Pertanto, le Università provvederanno a stabilire le graduatorie per le borse di studio e ad effettuare i rimborsi della tassa regionale per il DSU (ex articolo 18, c. 6, della L.R. n. 8/1998) agli studenti vincitori o risultati idonei nelle graduatorie delle borse di studio regionali, nonché agli studenti vincitori di borse di studio attribuite da altri Enti Pubblici, sulla base di criteri equiparabili a quelli stabiliti per le borse di studio regionali.

La concessione delle borse di studio avverrà sulla base di una collaborazione tra le Università e gli ESU del Veneto che prevede l’invio tempestivo a questi ultimi degli elenchi dei vincitori di borse di studio.

Valutata l’esperienza maturata nei precedenti anni accademici, appare opportuno confermare anche per l’A.A. 2024-2025 l’autorizzazione alle Università del Veneto di procedere alla stipula delle convenzioni con i Centri di Assistenza Fiscale (C.A.F.) che prevedano l’effettuazione del calcolo dell’ISEE per le prestazioni erogate nell’ambito del DSU, la consegna della documentazione agli studenti delle Università del Veneto, nonché le modalità di rendicontazione alle predette Università delle pratiche effettuate; le predette convenzioni dovranno garantire agli studenti la gratuità del servizio. La compartecipazione della Regione ai costi attestati dalle Università del Veneto per il suddetto servizio prestato dai C.A.F., in base alle convenzioni stipulate, avverrà, in via eventuale, attraverso gli ESU e coprirà fino al 50% del costo che verrà attestato da ciascuna Università per l’acquisizione dell’ISEEU/ISPEU parificato relativo agli studenti stranieri o agli studenti italiani residenti all’estero come previsto dal Protocollo d’Intesa concluso il 03/06/2015 tra l'ANDISU e i CAF iscritti all'Albo dei Centri di assistenza fiscale per i lavoratori dipendenti aderenti alla Consulta Nazionale.

Ai sensi dell’art. 9, c. 5 del D.P.C.M. 9 aprile 2001 ed in virtù dell’accordo stipulato tra la Regione e le rappresentanze elettive degli studenti in data 5 ottobre 2001, qualora la Regione, tramite gli ESU, sia in grado di assicurare il servizio abitativo e/o di ristorazione con un’adeguata fruibilità rispetto alla sede del corso di studi, la borsa di studio verrà erogata agli studenti in parte in denaro ed in parte in servizi.
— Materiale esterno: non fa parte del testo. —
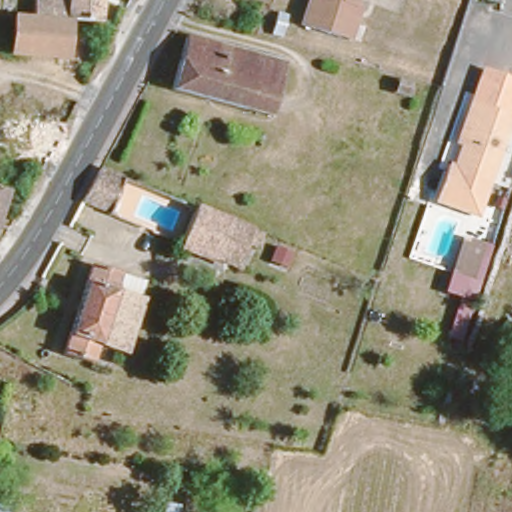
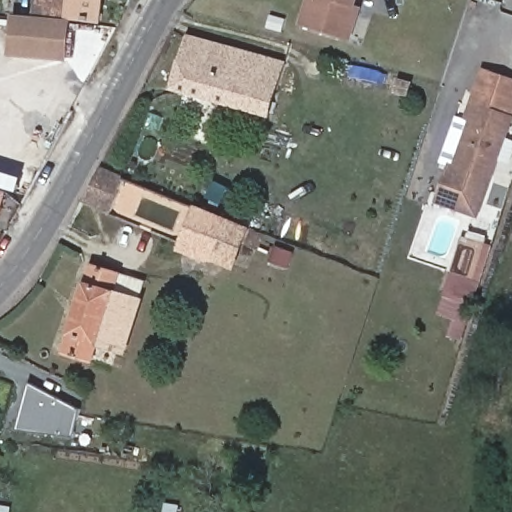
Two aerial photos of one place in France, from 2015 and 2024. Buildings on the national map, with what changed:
unchanged [(101,0),(100,17),(68,15),(68,17),(31,15),(33,0),(101,0)]
unchanged [(337,40),(294,26),(302,0),(350,0),(346,11),(350,12),(341,41),(337,40)]
unchanged [(0,51),(0,20),(0,14),(31,15),(68,17),(65,55),(0,51)]
unchanged [(185,34),(254,52),(240,106),(171,87),(185,34)]
unchanged [(254,52),(280,59),(266,113),(240,106),(254,52)]
unchanged [(512,77),(512,106),(477,213),(437,200),(449,164),(454,165),(469,118),(464,116),(480,66),(512,77)]
unchanged [(101,167),(102,166),(119,172),(105,207),(83,198),(101,167)]
unchanged [(6,186),(0,204),(0,184),(6,186)]
unchanged [(247,225),(228,266),(177,247),(193,203),(247,225)]
unchanged [(459,234),(490,245),(479,284),(448,273),(459,234)]
unchanged [(88,261),(116,271),(110,288),(98,322),(125,331),(117,352),(92,344),(86,362),(56,351),(88,261)]
unchanged [(98,322),(110,288),(137,297),(125,331),(98,322)]
new [(79,410),(74,437),(16,428),(29,385),(79,410)]

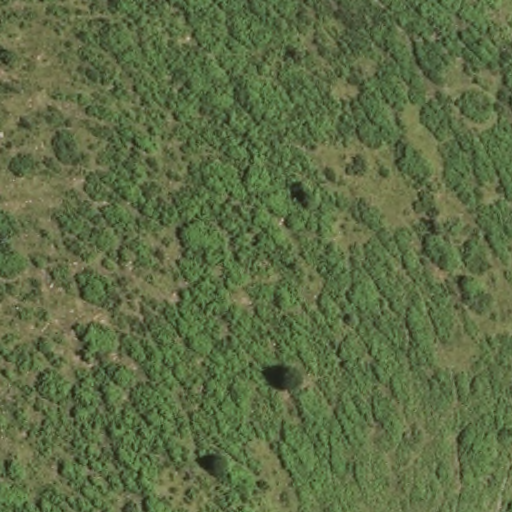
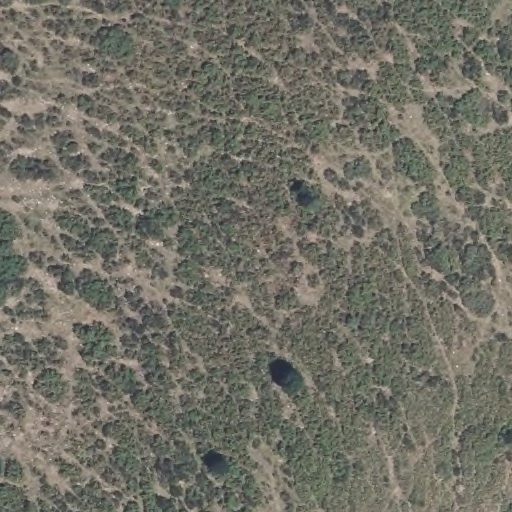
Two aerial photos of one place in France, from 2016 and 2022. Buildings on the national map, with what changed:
[]

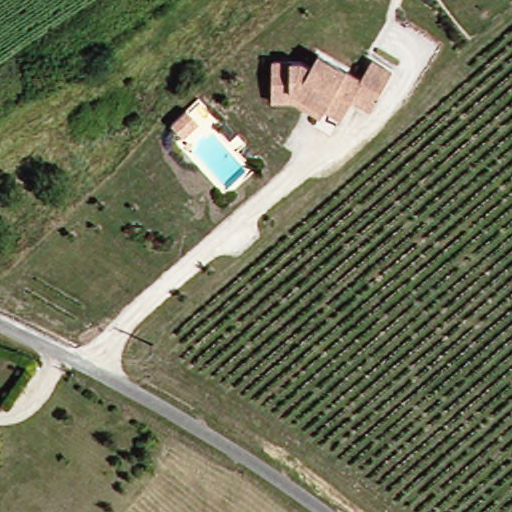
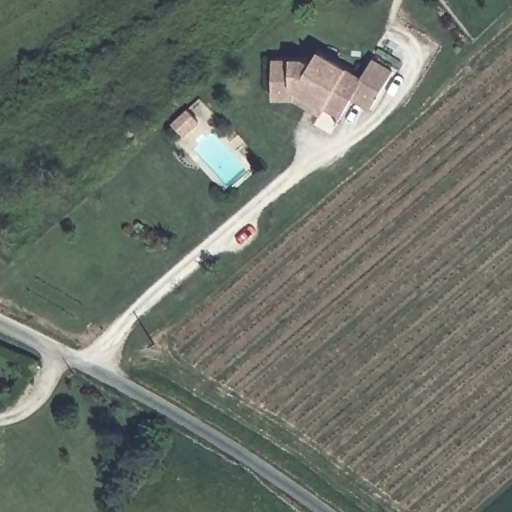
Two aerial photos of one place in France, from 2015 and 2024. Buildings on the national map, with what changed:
unchanged [(295,111),(274,111),(274,100),(275,71),(302,69),(312,75),(319,63),(362,89),(373,70),(393,82),(370,120),(352,109),(342,127),(326,118),(321,126),(295,111)]
unchanged [(184,136),(173,124),(187,110),(199,122),(184,136)]

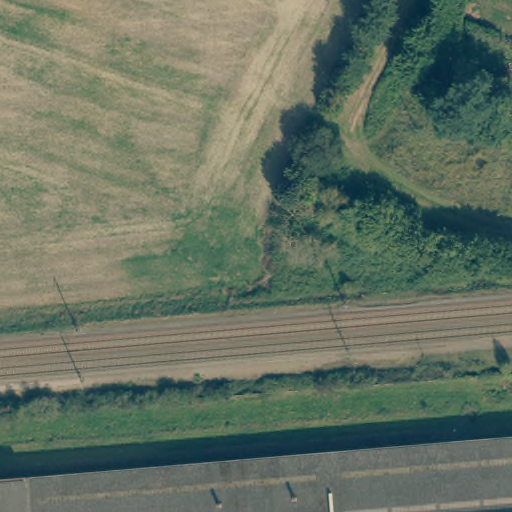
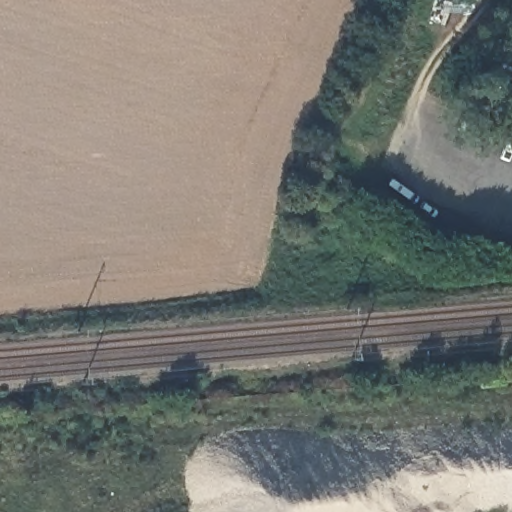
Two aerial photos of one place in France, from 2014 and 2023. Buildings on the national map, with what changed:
demolished [(512,436),(512,512),(0,512),(0,478),(512,436)]

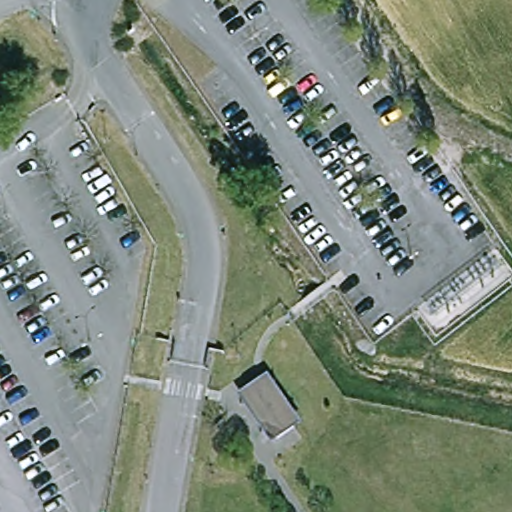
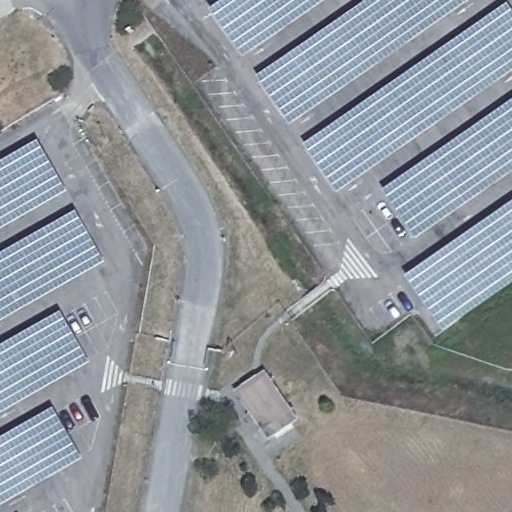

Pertanto, le Università verseranno entro il 31.1.2025 agli ESU il seguente valore monetario del servizio abitativo e/o di ristorazione garantito agli studenti fuori-sede borsisti e del servizio di ristorazione garantito agli studenti pendolari borsisti:

Studente fuori sede:

euro 1.600,00

in caso di solo alloggio;

 

euro  2.360,00

in caso di alloggio + 1 pasto giornaliero;

 

euro    760,00

in caso di 1 pasto giornaliero;

Studente pendolare:

euro   540,00

o l’eventuale importo ridotto (riduzione comunque non superiore ai 100,00 Euro) in caso di 1 pasto giornaliero.

 

Sempre ai sensi dell’art. 9, comma 5, del D.P.C.M. 9 aprile 2001, si conferma la necessità di demandare agli ESU l’eventuale accordo con le rappresentanze elettive degli studenti in merito all’erogazione di 2 pasti giornalieri (anziché 1 solo pasto giornaliero) agli studenti fuori sede borsisti, considerate le specifiche esigenze delle realtà locali.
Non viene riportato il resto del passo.